- _WHAT TO PRODUCE_
What is needed is an exact retyping of each entry, pictures excluded.

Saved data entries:
==============================
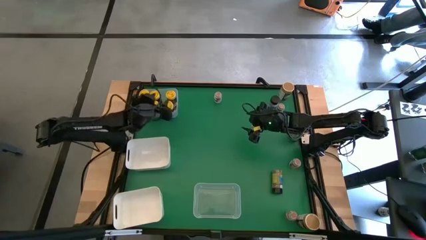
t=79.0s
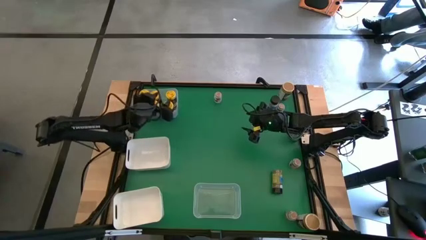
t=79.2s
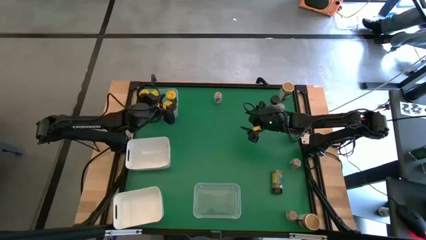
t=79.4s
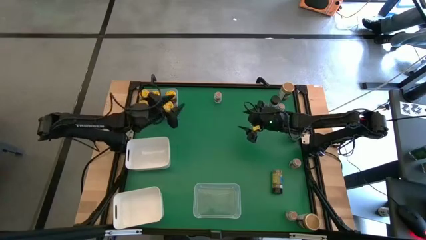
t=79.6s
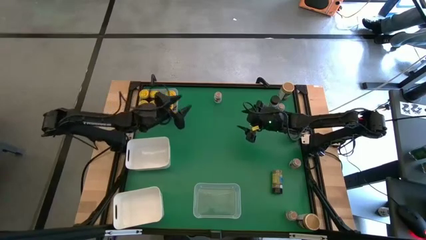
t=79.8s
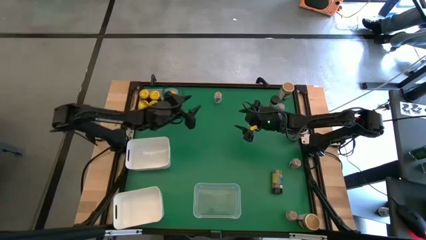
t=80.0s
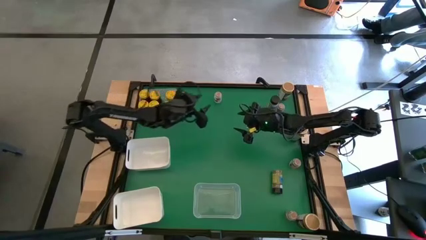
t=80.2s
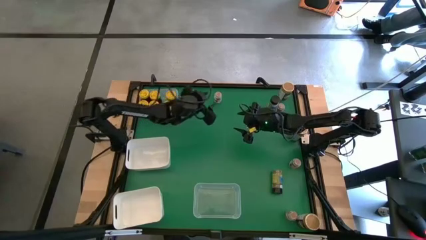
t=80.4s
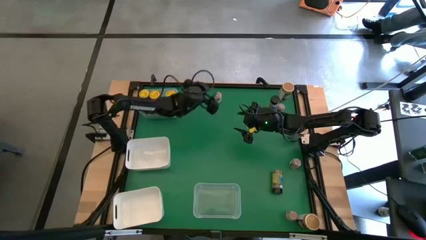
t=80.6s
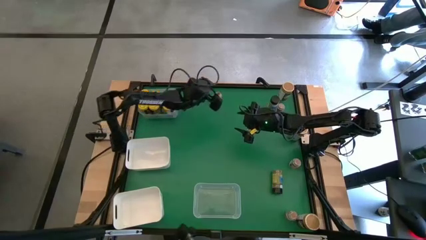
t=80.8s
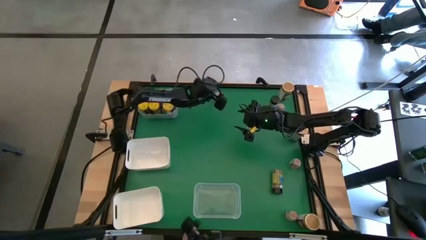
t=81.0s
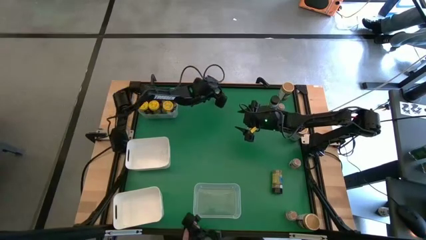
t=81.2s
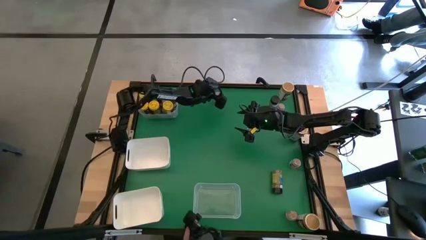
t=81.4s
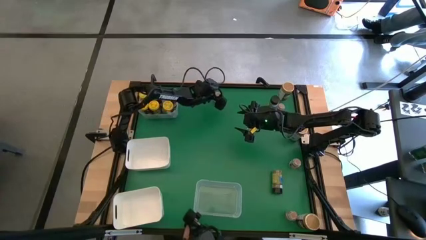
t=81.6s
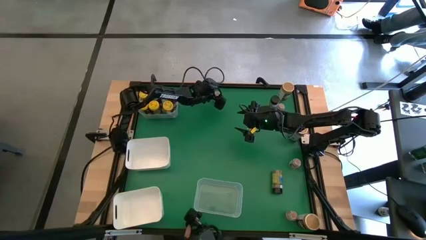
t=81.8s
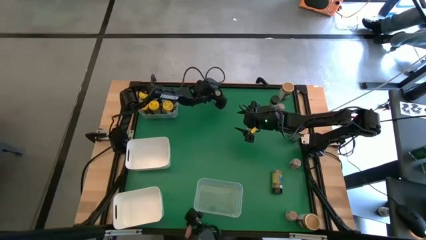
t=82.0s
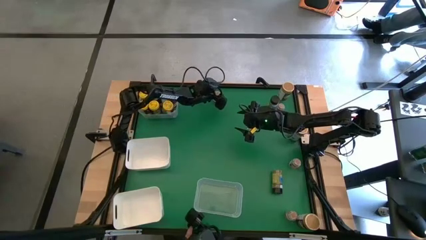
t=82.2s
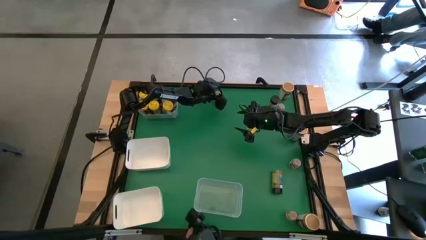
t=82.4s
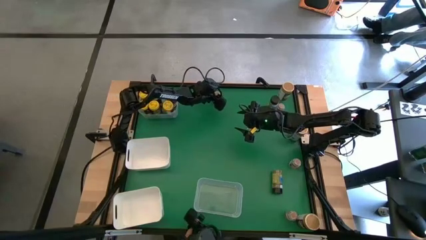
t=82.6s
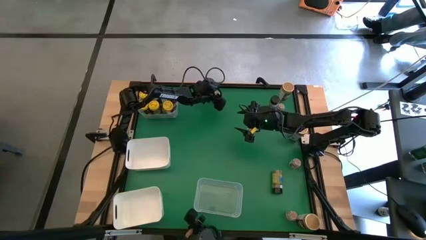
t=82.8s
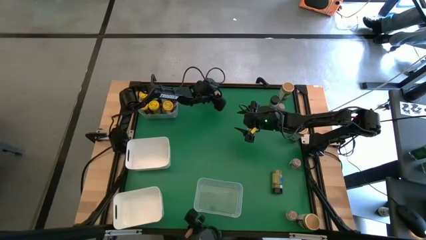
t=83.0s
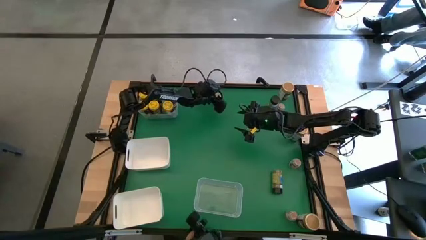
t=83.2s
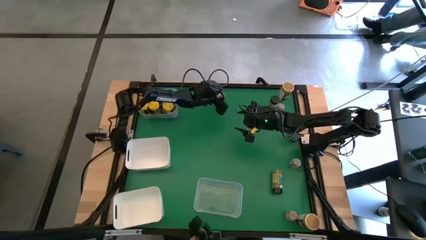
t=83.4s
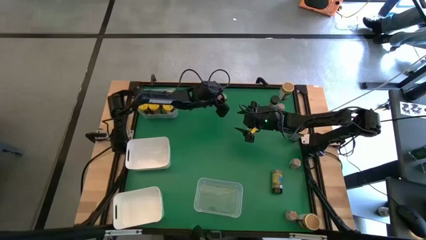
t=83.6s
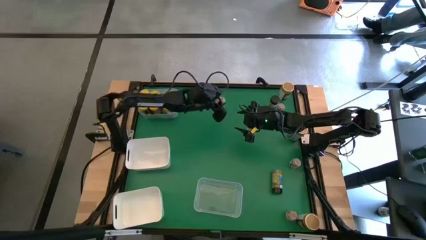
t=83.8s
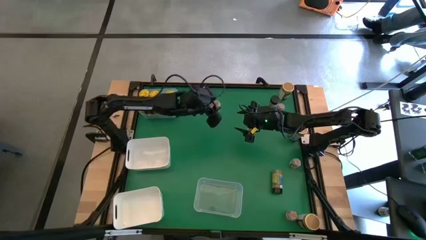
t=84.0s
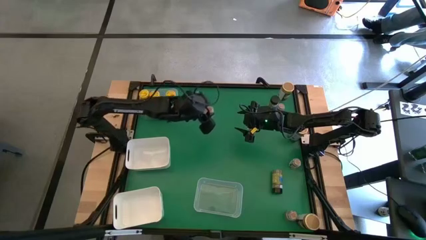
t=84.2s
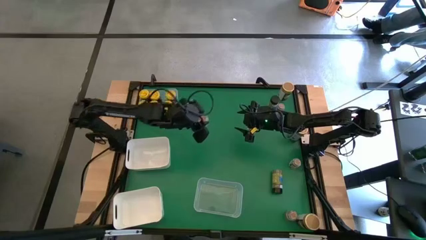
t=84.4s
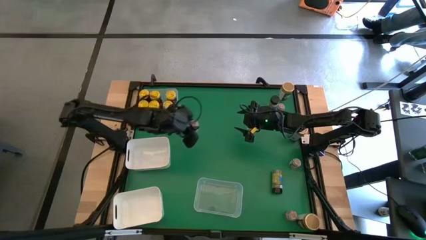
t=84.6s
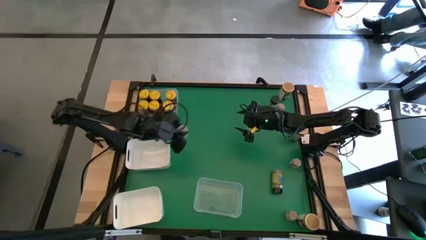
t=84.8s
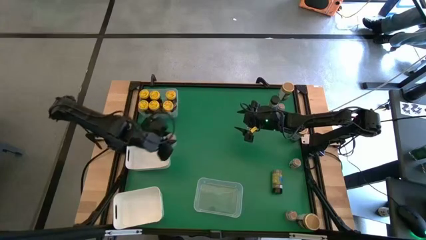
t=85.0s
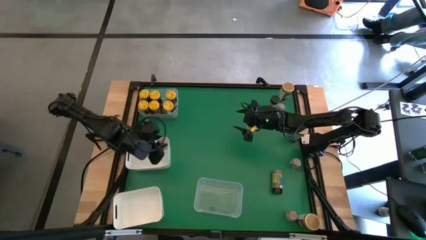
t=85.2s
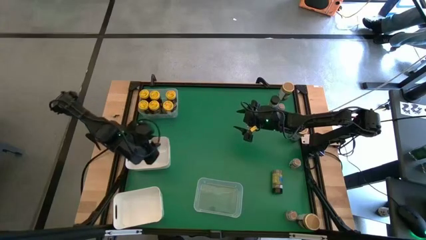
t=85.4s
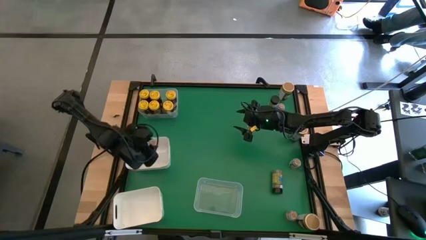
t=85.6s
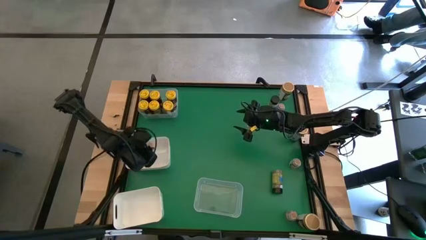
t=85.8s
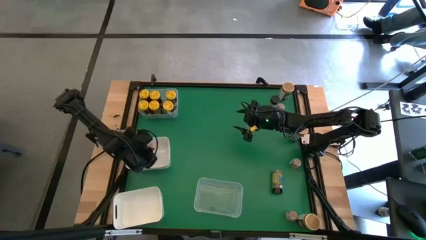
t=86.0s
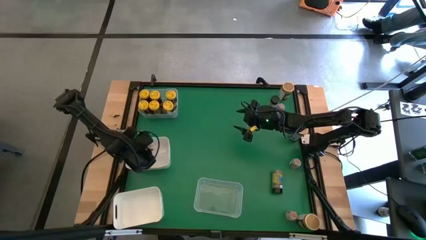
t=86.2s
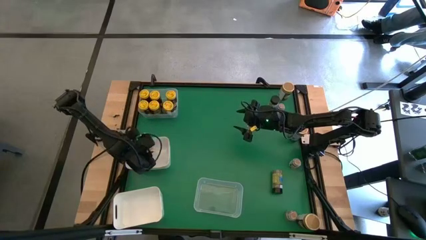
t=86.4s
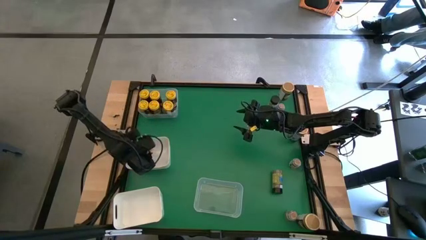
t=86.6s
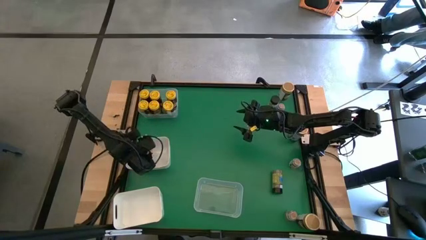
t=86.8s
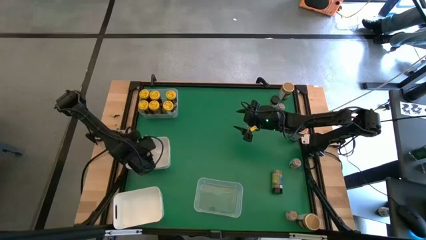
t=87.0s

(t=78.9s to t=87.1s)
Task: Sort spices by type
Put the brown spice bottle into the top white bin
==============================
- _RESPONSE TO THE TASK_
t=79.0s
t=79.2s
t=79.4s
t=79.6s
t=79.8s
t=80.0s
t=80.2s
t=80.4s
t=80.6s
t=80.8s
t=81.0s
t=81.2s
t=81.4s
t=81.6s
t=81.8s
t=82.0s
t=82.2s
t=82.4s
t=82.6s
t=82.8s
t=83.0s
t=83.2s
t=83.4s
t=83.6s
t=83.8s
t=84.0s
t=84.2s
t=84.4s
t=84.6s
t=84.8s
t=85.0s
t=85.2s
t=85.4s
t=85.6s
t=85.8s
t=86.0s
t=86.2s
t=86.4s
t=86.6s
t=86.8s
t=87.0s

(t=78.9s to t=87.1s)
Task: Sort spices by type
Put the brown spice bottle into the top white bin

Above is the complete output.